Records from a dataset

────────────────────────────────────────

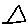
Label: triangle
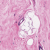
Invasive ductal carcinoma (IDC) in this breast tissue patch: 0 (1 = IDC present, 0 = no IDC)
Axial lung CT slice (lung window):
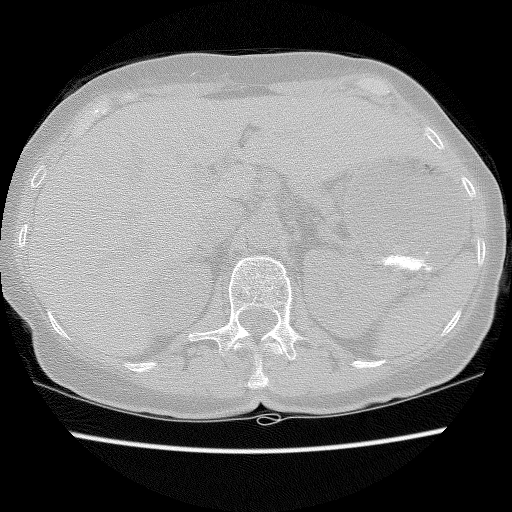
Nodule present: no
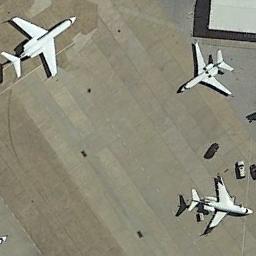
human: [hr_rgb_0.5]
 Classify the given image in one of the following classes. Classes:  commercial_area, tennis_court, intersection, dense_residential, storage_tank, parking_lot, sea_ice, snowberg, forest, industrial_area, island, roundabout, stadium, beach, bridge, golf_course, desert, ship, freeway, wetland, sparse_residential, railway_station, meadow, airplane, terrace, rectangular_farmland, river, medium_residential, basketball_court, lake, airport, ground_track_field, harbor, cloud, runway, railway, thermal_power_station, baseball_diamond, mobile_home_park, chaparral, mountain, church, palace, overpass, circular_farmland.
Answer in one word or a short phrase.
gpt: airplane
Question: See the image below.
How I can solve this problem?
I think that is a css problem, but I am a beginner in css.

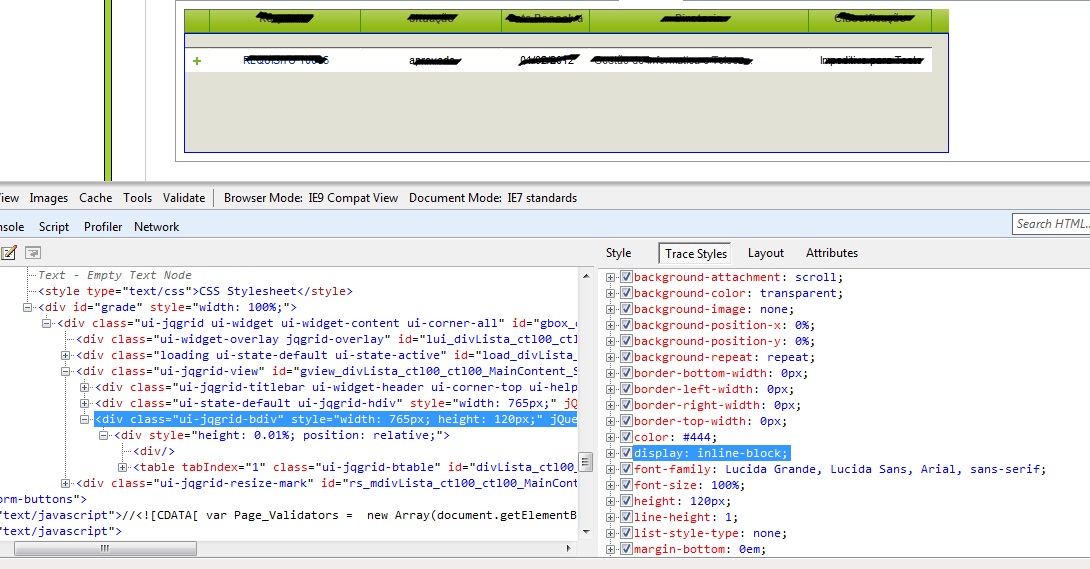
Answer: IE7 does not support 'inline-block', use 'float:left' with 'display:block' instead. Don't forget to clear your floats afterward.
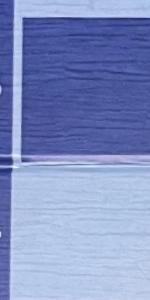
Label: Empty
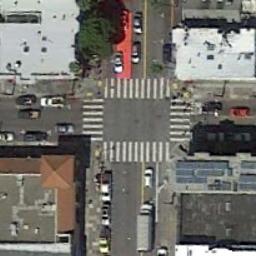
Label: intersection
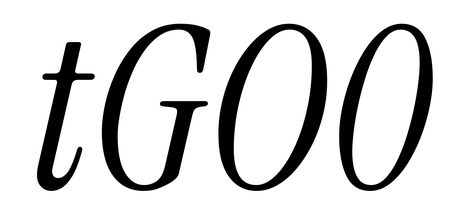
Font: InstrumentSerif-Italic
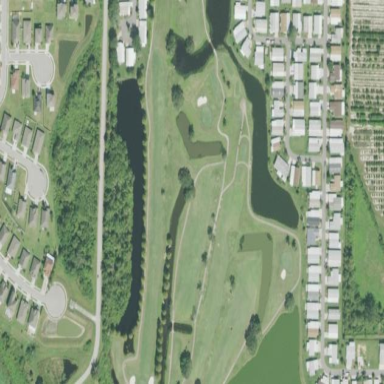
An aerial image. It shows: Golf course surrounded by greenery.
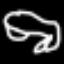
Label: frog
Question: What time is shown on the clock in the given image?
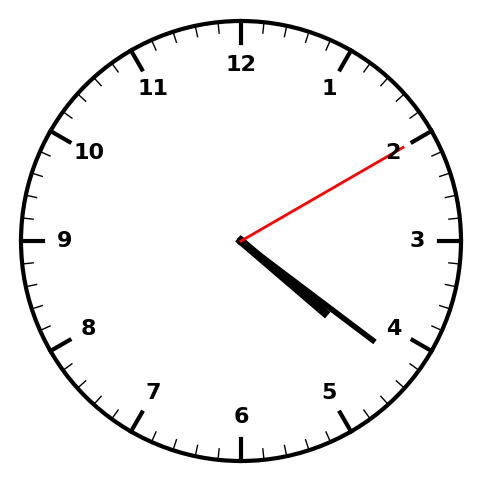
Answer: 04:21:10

────────────────────────────────────────

▸ **Problem requirements**:
The lines from the one holding "gpt: airplane" through the end of the entries are to be transcribed exactly, both ends included, with the pictures left out.

▸ **Solution to this exercise**:
gpt: airplane
Question: See the image below.
How I can solve this problem?
I think that is a css problem, but I am a beginner in css.

Answer: IE7 does not support 'inline-block', use 'float:left' with 'display:block' instead. Don't forget to clear your floats afterward.
Label: Empty
Label: intersection
Font: InstrumentSerif-Italic
An aerial image. It shows: Golf course surrounded by greenery.
Label: frog
Question: What time is shown on the clock in the given image?
Answer: 04:21:10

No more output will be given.